What needs to be done: Below are records to return verbatim; the pictures are to be dropped.

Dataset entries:
•••••
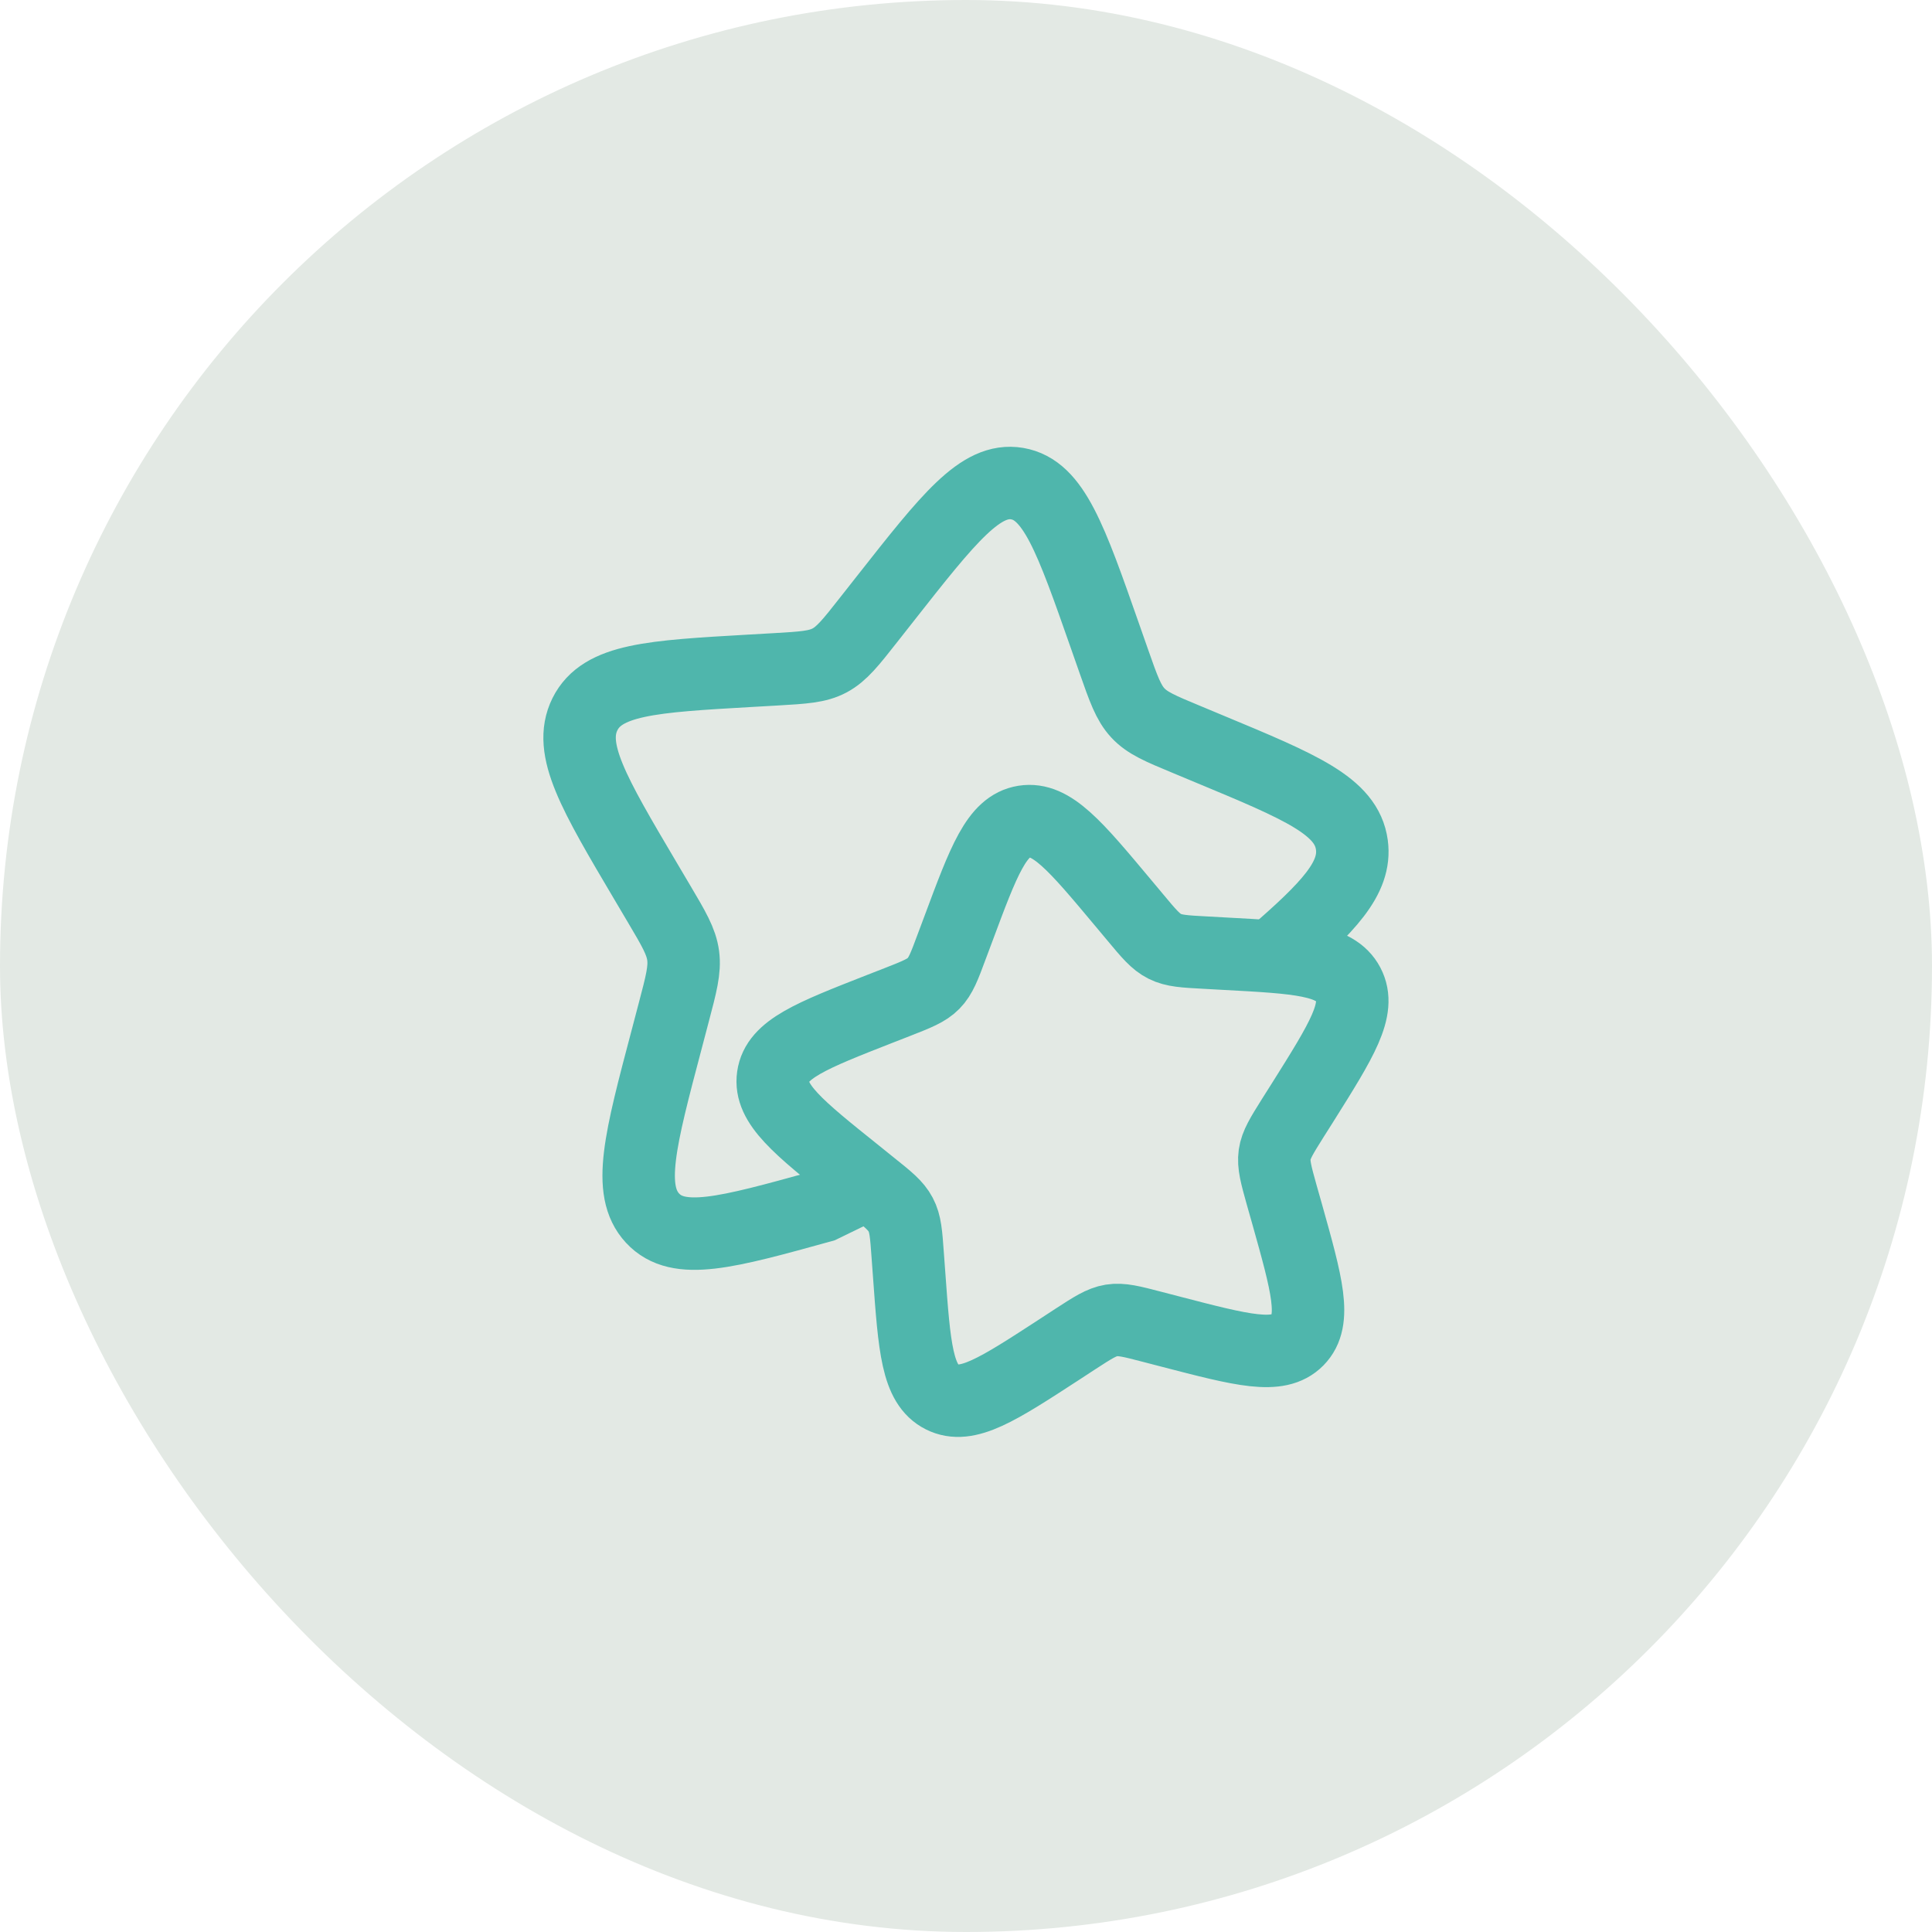 <svg width="40" height="40" viewBox="0 0 40 40" fill="none" xmlns="http://www.w3.org/2000/svg">
<rect width="40" height="40" rx="20" fill="#E3E9E4"></rect>
<path d="M17.99 24.501L17.015 24.975C15.035 25.523 14.044 25.797 13.51 25.22C12.976 24.644 13.252 23.6 13.805 21.51L13.947 20.97C14.104 20.375 14.183 20.079 14.144 19.784C14.104 19.49 13.951 19.231 13.645 18.714L13.367 18.244C12.29 16.423 11.752 15.513 12.11 14.788C12.47 14.064 13.489 14.005 15.528 13.888L16.055 13.858C16.635 13.824 16.924 13.808 17.177 13.673C17.429 13.538 17.616 13.301 17.99 12.825L18.33 12.393C19.646 10.72 20.304 9.884 21.06 10.013C21.816 10.142 22.17 11.15 22.877 13.167L23.06 13.689C23.261 14.262 23.362 14.549 23.557 14.759C23.753 14.971 24.021 15.083 24.558 15.306L25.047 15.51C26.937 16.296 27.882 16.69 27.989 17.493C28.081 18.179 27.512 18.776 26.349 19.783" stroke="#4FB6AC" stroke-width="1.5"></path>
<path d="M23.25 18.689C22.263 17.509 21.77 16.919 21.202 17.009C20.635 17.1 20.37 17.812 19.84 19.236L19.702 19.604C19.552 20.009 19.476 20.211 19.329 20.36C19.183 20.509 18.981 20.588 18.579 20.746L18.212 20.889C16.795 21.444 16.086 21.722 16.005 22.289C15.924 22.856 16.525 23.338 17.726 24.3L18.036 24.55C18.378 24.823 18.549 24.96 18.647 25.147C18.747 25.334 18.762 25.551 18.793 25.984L18.822 26.378C18.932 27.901 18.988 28.663 19.505 28.923C20.022 29.183 20.659 28.768 21.932 27.94L22.261 27.725C22.623 27.49 22.804 27.372 23.011 27.338C23.219 27.305 23.431 27.36 23.852 27.47L24.237 27.57C25.722 27.956 26.465 28.15 26.866 27.743C27.267 27.336 27.059 26.599 26.645 25.123L26.537 24.743C26.42 24.323 26.361 24.113 26.39 23.906C26.42 23.698 26.535 23.516 26.764 23.15L26.974 22.818C27.781 21.533 28.184 20.891 27.914 20.38C27.645 19.869 26.881 19.827 25.352 19.745L24.956 19.723C24.522 19.7 24.304 19.688 24.115 19.593C23.925 19.498 23.785 19.33 23.505 18.994L23.25 18.689Z" stroke="#4FB6AC" stroke-width="1.5"></path>
</svg>
•••••
Solution to this problem:
 <svg width="40" height="40" viewBox="0 0 40 40" fill="none" xmlns="http://www.w3.org/2000/svg">
<rect width="40" height="40" rx="20" fill="#E3E9E4"></rect>
<path d="M17.99 24.501L17.015 24.975C15.035 25.523 14.044 25.797 13.51 25.22C12.976 24.644 13.252 23.6 13.805 21.51L13.947 20.97C14.104 20.375 14.183 20.079 14.144 19.784C14.104 19.49 13.951 19.231 13.645 18.714L13.367 18.244C12.29 16.423 11.752 15.513 12.11 14.788C12.47 14.064 13.489 14.005 15.528 13.888L16.055 13.858C16.635 13.824 16.924 13.808 17.177 13.673C17.429 13.538 17.616 13.301 17.99 12.825L18.33 12.393C19.646 10.72 20.304 9.884 21.06 10.013C21.816 10.142 22.17 11.15 22.877 13.167L23.06 13.689C23.261 14.262 23.362 14.549 23.557 14.759C23.753 14.971 24.021 15.083 24.558 15.306L25.047 15.51C26.937 16.296 27.882 16.69 27.989 17.493C28.081 18.179 27.512 18.776 26.349 19.783" stroke="#4FB6AC" stroke-width="1.5"></path>
<path d="M23.25 18.689C22.263 17.509 21.77 16.919 21.202 17.009C20.635 17.1 20.37 17.812 19.84 19.236L19.702 19.604C19.552 20.009 19.476 20.211 19.329 20.36C19.183 20.509 18.981 20.588 18.579 20.746L18.212 20.889C16.795 21.444 16.086 21.722 16.005 22.289C15.924 22.856 16.525 23.338 17.726 24.3L18.036 24.55C18.378 24.823 18.549 24.96 18.647 25.147C18.747 25.334 18.762 25.551 18.793 25.984L18.822 26.378C18.932 27.901 18.988 28.663 19.505 28.923C20.022 29.183 20.659 28.768 21.932 27.94L22.261 27.725C22.623 27.49 22.804 27.372 23.011 27.338C23.219 27.305 23.431 27.36 23.852 27.47L24.237 27.57C25.722 27.956 26.465 28.15 26.866 27.743C27.267 27.336 27.059 26.599 26.645 25.123L26.537 24.743C26.42 24.323 26.361 24.113 26.39 23.906C26.42 23.698 26.535 23.516 26.764 23.15L26.974 22.818C27.781 21.533 28.184 20.891 27.914 20.38C27.645 19.869 26.881 19.827 25.352 19.745L24.956 19.723C24.522 19.7 24.304 19.688 24.115 19.593C23.925 19.498 23.785 19.33 23.505 18.994L23.25 18.689Z" stroke="#4FB6AC" stroke-width="1.5"></path>
</svg>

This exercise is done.